* [What is being asked] Look through the material below and report every line that includes "clipPath".

* [Records for processing]

##########

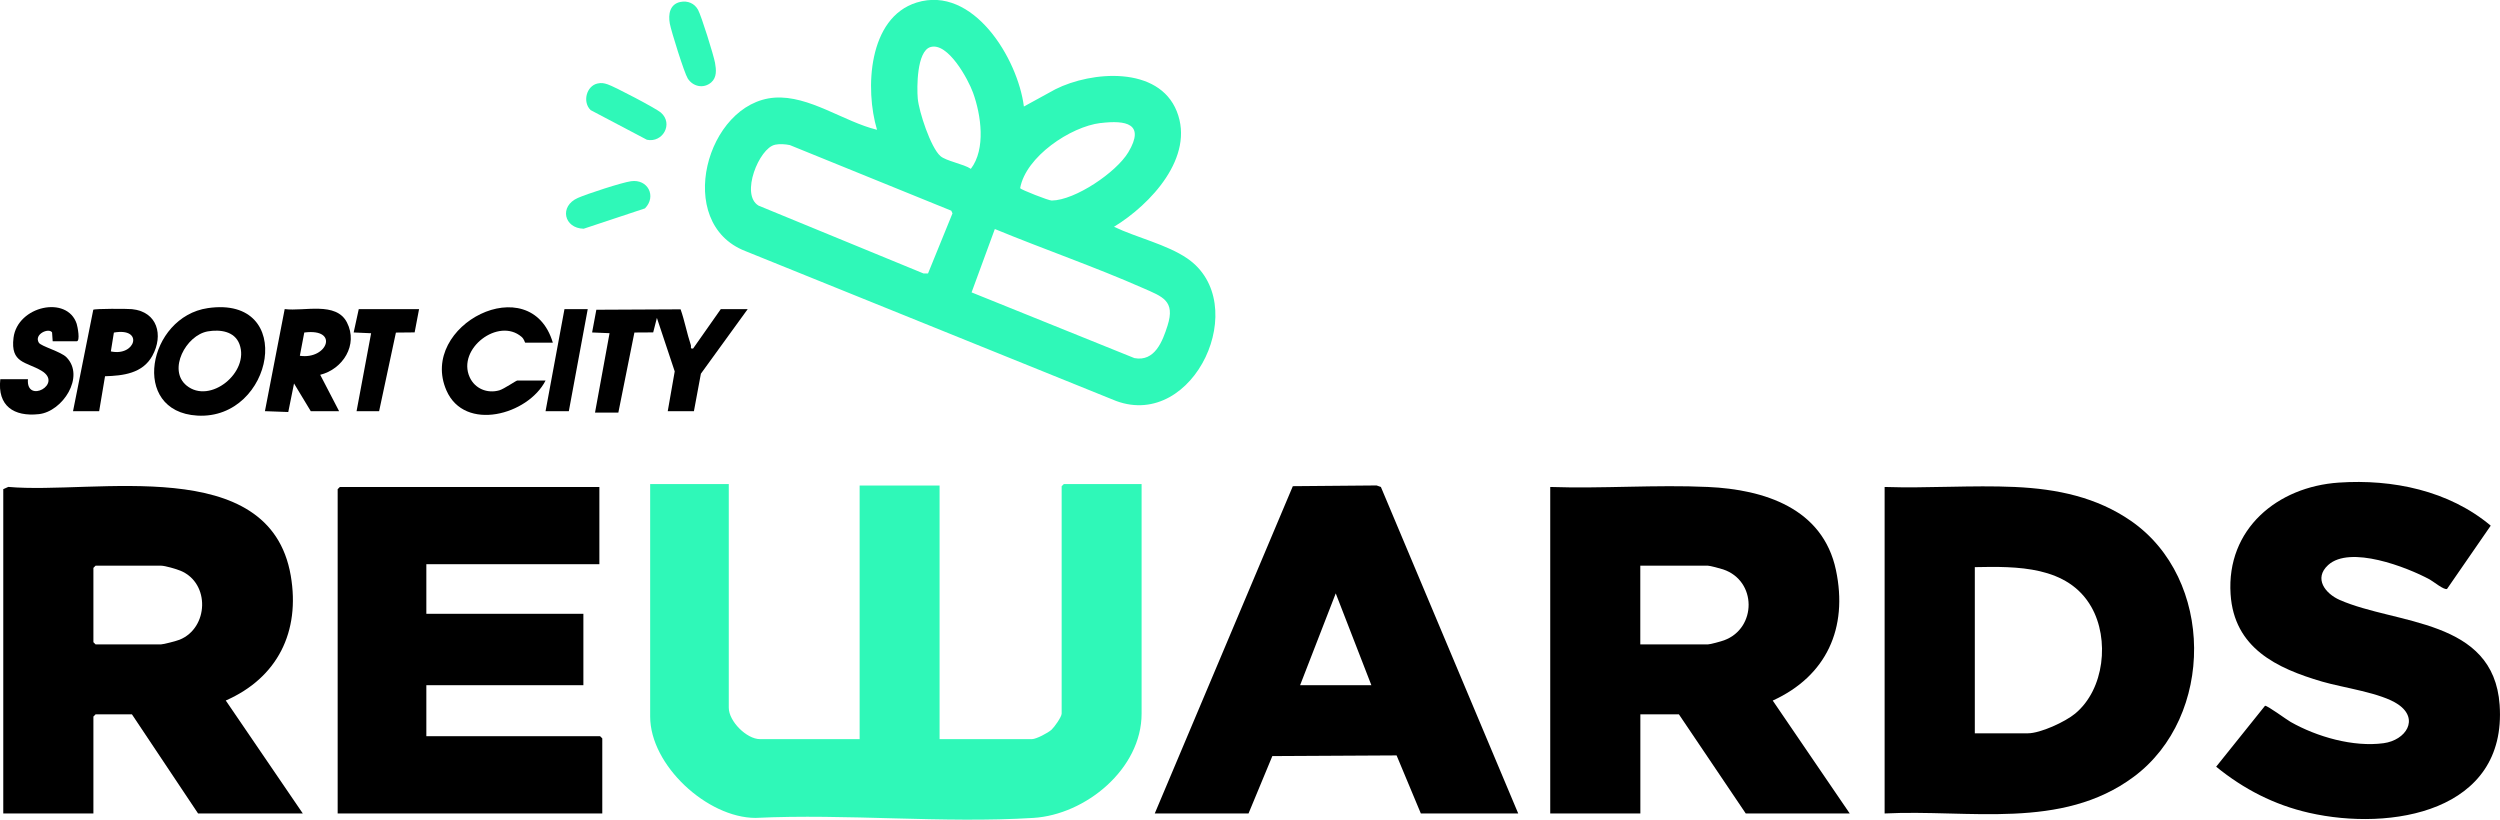 <svg width="244" height="80" viewBox="0 0 244 80" fill="none" xmlns="http://www.w3.org/2000/svg">
<g clip-path="url(#clip0_3489_4575)">
<path d="M71.129 47.244V69.081C71.129 70.391 72.868 72.14 74.181 72.14H83.9V47.386H91.703V72.14H100.712C101.138 72.14 102.28 71.535 102.629 71.221C102.901 70.972 103.617 69.97 103.617 69.65V47.457L103.83 47.244H111.42V69.65C111.42 75.044 105.96 79.514 100.854 79.828C92.016 80.374 82.634 79.401 73.737 79.828C69.028 79.816 63.456 74.695 63.456 69.935V47.244H71.117H71.129Z" fill="#2FF8B8"/>
<path d="M99.931 10.397L103.002 8.714C106.545 6.93 113.082 6.414 114.856 10.871C116.631 15.329 112.307 19.947 108.728 22.134C110.929 23.189 113.869 23.853 115.868 25.216C122.239 29.573 116.572 41.962 108.935 39.135L72.732 24.499C65.739 21.772 68.946 10.018 75.589 9.532C78.961 9.289 82.368 11.885 85.598 12.668C84.409 8.702 84.728 1.725 89.461 0.249C94.986 -1.47 99.34 5.732 99.931 10.391V10.397ZM90.81 4.594C89.473 4.997 89.479 8.53 89.573 9.615C89.686 10.889 90.833 14.393 91.78 15.228C92.336 15.72 94.057 16.005 94.755 16.479C96.234 14.547 95.755 11.215 94.968 9.046C94.501 7.748 92.519 4.084 90.81 4.594ZM107.421 12.004C104.492 12.359 100.109 15.288 99.565 18.37C99.659 18.518 102.351 19.579 102.647 19.573C104.942 19.544 108.953 16.817 110.124 14.861C111.804 12.045 109.876 11.713 107.421 12.01V12.004ZM75.63 14.132C74.104 14.446 72.223 19.004 74.039 20.071L90.141 26.692H90.573L92.963 20.824L92.845 20.563L77.091 14.161C76.648 14.066 76.074 14.031 75.63 14.126V14.132ZM97.098 22.347L94.826 28.536L110.716 34.95C112.697 35.329 113.466 33.32 113.951 31.784C114.732 29.336 113.443 28.951 111.567 28.121C106.859 26.046 101.866 24.321 97.098 22.353V22.347Z" fill="#2FF8B8"/>
<path d="M29.548 79.395H19.332L12.878 69.721H9.329L9.116 69.935V79.395H0.319V47.742L0.81 47.522C9.222 48.275 26.312 44.203 28.377 56.176C29.317 61.642 27.099 66.147 22.035 68.37L29.554 79.395H29.548ZM9.329 55.21L9.116 55.424V62.679L9.329 62.893H15.712C15.96 62.893 17.232 62.555 17.528 62.436C20.355 61.298 20.533 56.923 17.628 55.708C17.214 55.536 16.108 55.21 15.712 55.21H9.329Z" fill="black"/>
<path d="M180.532 79.395H170.386L163.862 69.721H160.099V79.395H151.303V47.528C156.39 47.706 161.637 47.291 166.707 47.528C172.179 47.777 177.911 49.591 179.189 55.643C180.384 61.292 178.272 65.981 173.019 68.376L180.538 79.401L180.532 79.395ZM160.099 62.893H166.695C166.926 62.893 167.997 62.596 168.28 62.49C171.463 61.316 171.493 56.681 168.174 55.572C167.908 55.483 166.89 55.21 166.689 55.21H160.093V62.893H160.099Z" fill="black"/>
<path d="M183.939 79.395V47.528C188.14 47.67 192.464 47.339 196.646 47.528C200.828 47.718 204.638 48.536 207.969 50.83C216.144 56.467 216.168 69.935 208.252 75.815C201.207 81.055 192.138 78.981 183.939 79.395ZM192.736 71.571H197.918C199.143 71.571 201.568 70.451 202.532 69.65C205.401 67.279 205.904 62.377 204.117 59.241C201.822 55.211 196.824 55.27 192.742 55.353V71.571H192.736Z" fill="black"/>
<path d="M58.499 47.528V55.068H41.611V59.905H56.938V66.876H41.611V71.855H58.571L58.783 72.069V79.395H32.956V47.742L33.169 47.528H58.499Z" fill="black"/>
<path d="M148.18 79.395H138.674L136.307 73.728L124.18 73.794L121.856 79.395H112.704L126.18 47.451L134.355 47.38L134.775 47.528L148.18 79.401V79.395ZM133.846 66.876L130.368 57.913L126.89 66.876H133.84H133.846Z" fill="black"/>
<path d="M238.835 57.475C238.569 57.629 237.492 56.752 237.149 56.562C234.919 55.353 229.358 53.195 227.223 55.151C225.797 56.461 226.945 57.931 228.353 58.554C233.872 60.978 243.372 60.356 243.964 68.797C244.698 79.259 233.322 81.144 225.365 79.33C221.958 78.554 218.994 77.024 216.297 74.831L221.065 68.885C221.272 68.832 223.141 70.219 223.567 70.462C226.129 71.915 229.678 72.934 232.636 72.537C234.819 72.241 236.15 70.184 234.067 68.755C232.411 67.617 228.684 67.125 226.643 66.526C222.189 65.222 218.048 63.248 217.705 57.99C217.291 51.624 222.278 47.504 228.27 47.101C233.517 46.746 239.013 47.878 243.094 51.304L238.829 57.481L238.835 57.475Z" fill="black"/>
<path d="M58.073 40.273L59.493 32.519L57.789 32.448L58.203 30.231L66.426 30.19C66.828 31.328 67.041 32.531 67.425 33.675C67.485 33.853 67.319 34.072 67.65 34.013L70.348 30.172H72.974L68.407 36.473L67.727 40.13H65.172L65.852 36.248L64.113 31.026L63.752 32.442L61.918 32.454L60.35 40.273H58.079H58.073Z" fill="black"/>
<path d="M20.29 30.071C28.974 28.814 26.703 40.99 19.261 40.563C12.653 40.184 14.434 30.919 20.29 30.071ZM20.29 32.341C18.149 32.703 16.345 36.105 18.208 37.629C20.503 39.502 24.39 36.325 23.372 33.592C22.899 32.324 21.485 32.14 20.29 32.341Z" fill="black"/>
<path d="M30.33 40.13L28.697 37.427L28.135 40.213L25.857 40.13L27.786 30.166C29.673 30.415 32.802 29.401 33.861 31.47C34.985 33.663 33.447 36.04 31.252 36.58L33.098 40.136H30.33V40.13ZM29.265 34.724C31.951 35.121 33.145 32.009 29.697 32.454L29.265 34.724Z" fill="black"/>
<path d="M53.956 33.444H51.258C51.223 33.444 51.175 33.106 50.903 32.875C48.655 30.942 44.585 34.031 45.839 36.811C46.348 37.943 47.567 38.429 48.732 38.097C49.182 37.967 50.377 37.143 50.477 37.143H53.246C51.548 40.486 45.348 42.193 43.568 38.097C40.805 31.737 51.785 26.141 53.956 33.444Z" fill="black"/>
<path d="M5.141 33.302L5.082 32.442C4.757 31.962 3.284 32.62 3.792 33.45C4.005 33.8 5.951 34.315 6.49 34.873C8.324 36.752 6.117 40.166 3.792 40.421C1.349 40.688 -0.266 39.615 0.03 37.007H2.727C2.52 39.461 6.224 37.481 4.047 36.183C2.556 35.293 1.006 35.471 1.32 32.964C1.71 29.858 6.561 28.797 7.484 31.601C7.572 31.873 7.85 33.308 7.484 33.308H5.141V33.302Z" fill="black"/>
<path d="M7.128 40.13L9.104 30.231C9.258 30.119 12.428 30.125 12.872 30.172C15.363 30.421 15.984 32.703 14.866 34.73C13.919 36.449 12.026 36.669 10.251 36.722L9.678 40.13H7.122H7.128ZM10.819 34.298C13.245 34.819 14.061 31.933 11.115 32.46L10.819 34.298Z" fill="black"/>
<path d="M40.901 30.172L40.469 32.442L38.641 32.46L37.002 40.13H34.801L36.221 32.525L34.518 32.448L35.014 30.172H40.901Z" fill="black"/>
<path d="M58.316 8.151C58.701 8.062 58.949 8.115 59.31 8.234C59.931 8.429 64.066 10.599 64.504 10.99C65.746 12.081 64.681 13.966 63.137 13.64L57.648 10.747C56.831 9.964 57.228 8.4 58.31 8.151H58.316Z" fill="#2FF8B8"/>
<path d="M61.581 17.688C63.225 17.445 64.107 19.158 62.947 20.338L56.967 22.324C55.044 22.282 54.553 20.131 56.399 19.318C57.298 18.921 60.67 17.819 61.581 17.688Z" fill="#2FF8B8"/>
<path d="M66.408 0.19C67.112 0.047 67.781 0.32 68.13 0.96C68.455 1.553 69.65 5.382 69.786 6.129C69.91 6.805 69.975 7.558 69.413 8.044C68.668 8.684 67.627 8.453 67.124 7.659C66.781 7.113 65.515 3.059 65.373 2.3C65.207 1.393 65.373 0.403 66.408 0.19Z" fill="#2FF8B8"/>
<path d="M57.363 30.172L55.518 40.13H53.246L55.092 30.172H57.363Z" fill="black"/>
</g>
<defs>
<clipPath id="clip0_3489_4575">
<rect width="244" height="80" fill="white"/>
</clipPath>
</defs>
</svg>

##########

* [Response area]
<clipPath id="clip0_3489_4575">
</clipPath>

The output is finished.